:: The task ::
Scan the listing below. Return every line containing the string "width".

:: Data to process ::
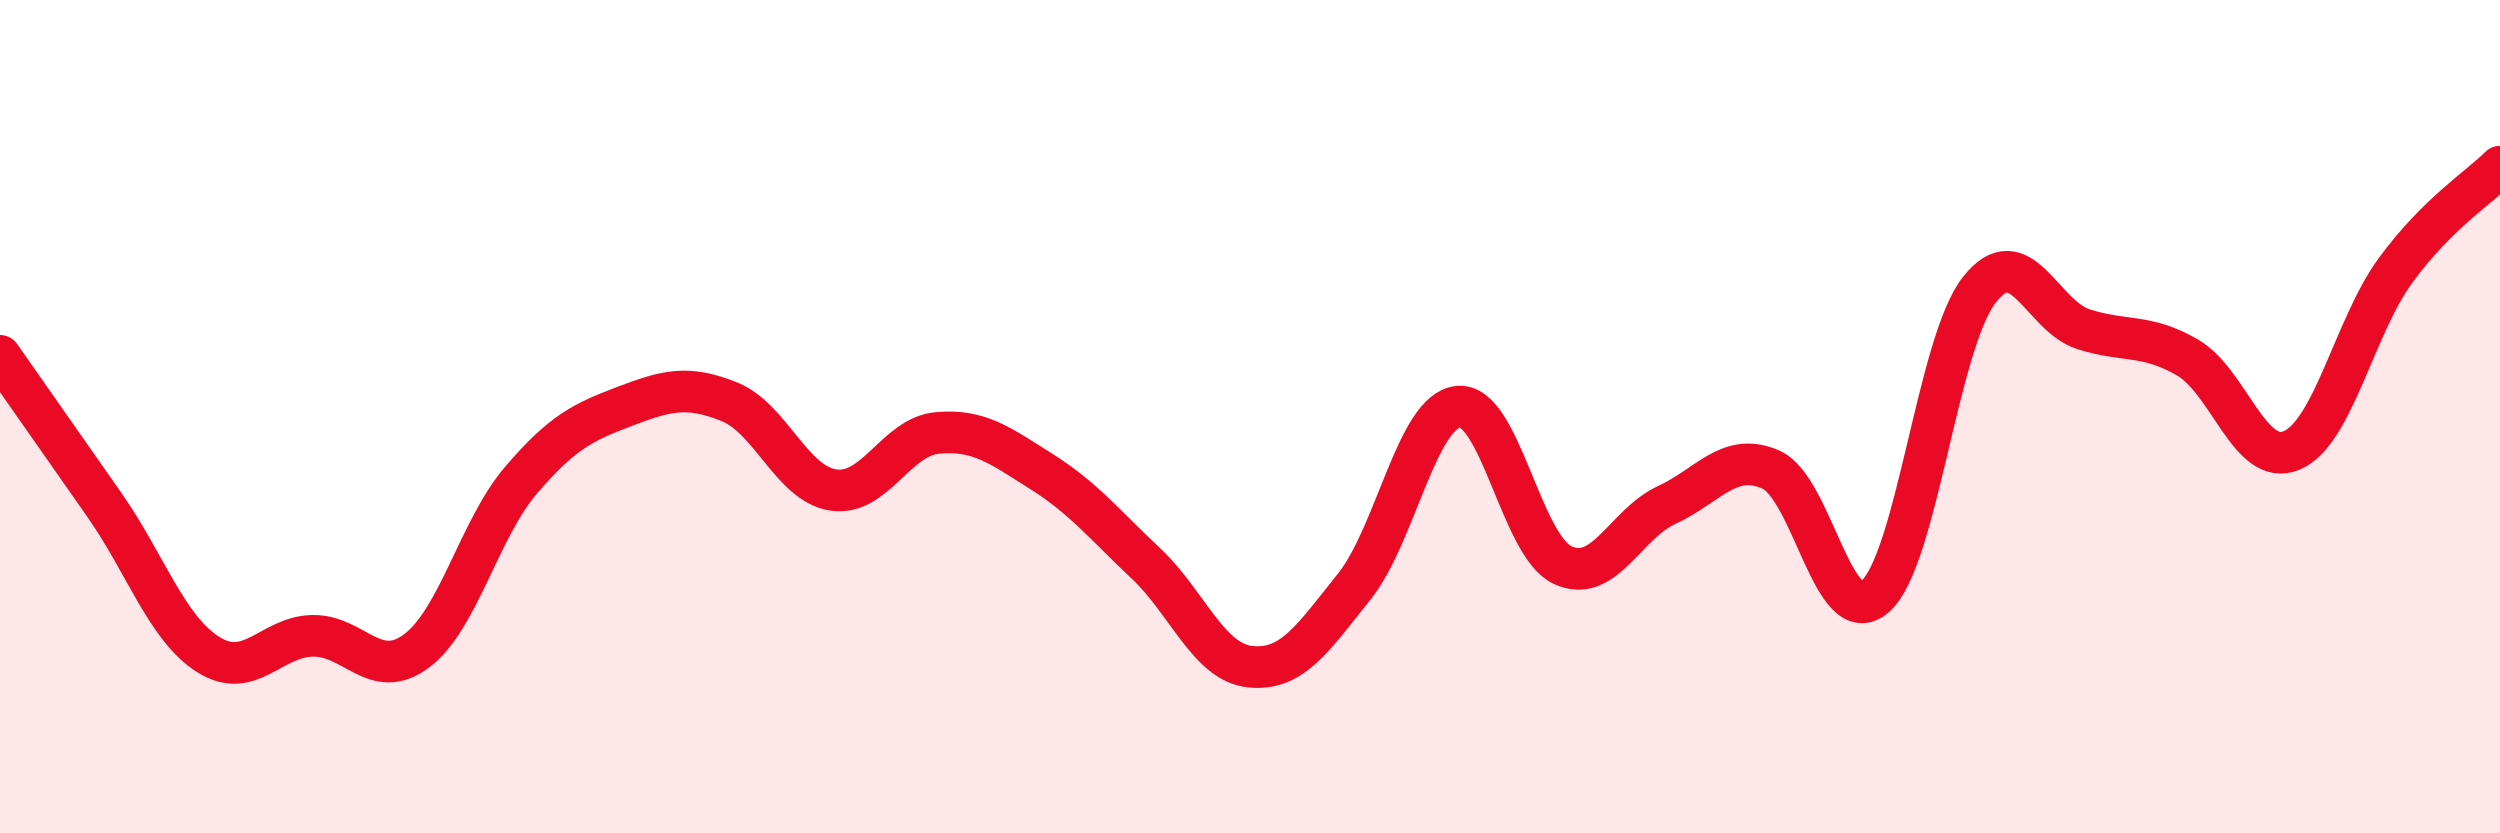 
    <svg width="60" height="20" viewBox="0 0 60 20" xmlns="http://www.w3.org/2000/svg">
      <path
        d="M 0,8.54 C 0.5,9.25 1.5,10.68 2.5,12.11 C 3.5,13.54 4,15.08 5,15.71 C 6,16.34 6.5,15.28 7.5,15.26 C 8.5,15.24 9,16.37 10,15.62 C 11,14.87 11.5,12.7 12.5,11.53 C 13.5,10.36 14,10.13 15,9.75 C 16,9.37 16.5,9.24 17.5,9.64 C 18.5,10.04 19,11.61 20,11.76 C 21,11.91 21.5,10.48 22.5,10.39 C 23.5,10.3 24,10.69 25,11.32 C 26,11.95 26.5,12.58 27.5,13.52 C 28.5,14.46 29,15.89 30,16 C 31,16.11 31.5,15.33 32.5,14.08 C 33.5,12.83 34,9.86 35,9.76 C 36,9.66 36.5,13.09 37.5,13.56 C 38.5,14.03 39,12.58 40,12.12 C 41,11.66 41.5,10.83 42.5,11.27 C 43.5,11.71 44,15.18 45,14.32 C 46,13.46 46.5,8.24 47.5,6.96 C 48.5,5.68 49,7.58 50,7.9 C 51,8.22 51.5,8 52.5,8.58 C 53.5,9.16 54,11.23 55,10.81 C 56,10.39 56.5,7.84 57.5,6.48 C 58.5,5.12 59.5,4.5 60,4L60 20L0 20Z"
        fill="#EB0A25"
        opacity="0.1"
        stroke-linecap="round"
        stroke-linejoin="round"
      />
      <path
        d="M 0,8.54 C 0.5,9.25 1.5,10.68 2.5,12.11 C 3.5,13.54 4,15.08 5,15.71 C 6,16.34 6.5,15.28 7.5,15.26 C 8.5,15.24 9,16.37 10,15.62 C 11,14.87 11.5,12.7 12.5,11.53 C 13.5,10.36 14,10.13 15,9.75 C 16,9.37 16.5,9.24 17.5,9.64 C 18.5,10.04 19,11.61 20,11.76 C 21,11.91 21.5,10.48 22.5,10.39 C 23.5,10.3 24,10.69 25,11.32 C 26,11.95 26.5,12.58 27.5,13.52 C 28.5,14.46 29,15.89 30,16 C 31,16.11 31.5,15.33 32.5,14.08 C 33.5,12.83 34,9.86 35,9.76 C 36,9.66 36.5,13.09 37.5,13.56 C 38.5,14.03 39,12.58 40,12.12 C 41,11.66 41.5,10.83 42.5,11.27 C 43.5,11.71 44,15.18 45,14.32 C 46,13.46 46.5,8.24 47.5,6.96 C 48.5,5.68 49,7.58 50,7.9 C 51,8.22 51.5,8 52.5,8.58 C 53.5,9.16 54,11.23 55,10.81 C 56,10.39 56.5,7.84 57.5,6.48 C 58.5,5.12 59.5,4.5 60,4"
        stroke="#EB0A25"
        stroke-width="1"
        fill="none"
        stroke-linecap="round"
        stroke-linejoin="round"
      />
    </svg>

:: Answer area ::
    <svg width="60" height="20" viewBox="0 0 60 20" xmlns="http://www.w3.org/2000/svg">
        stroke-width="1"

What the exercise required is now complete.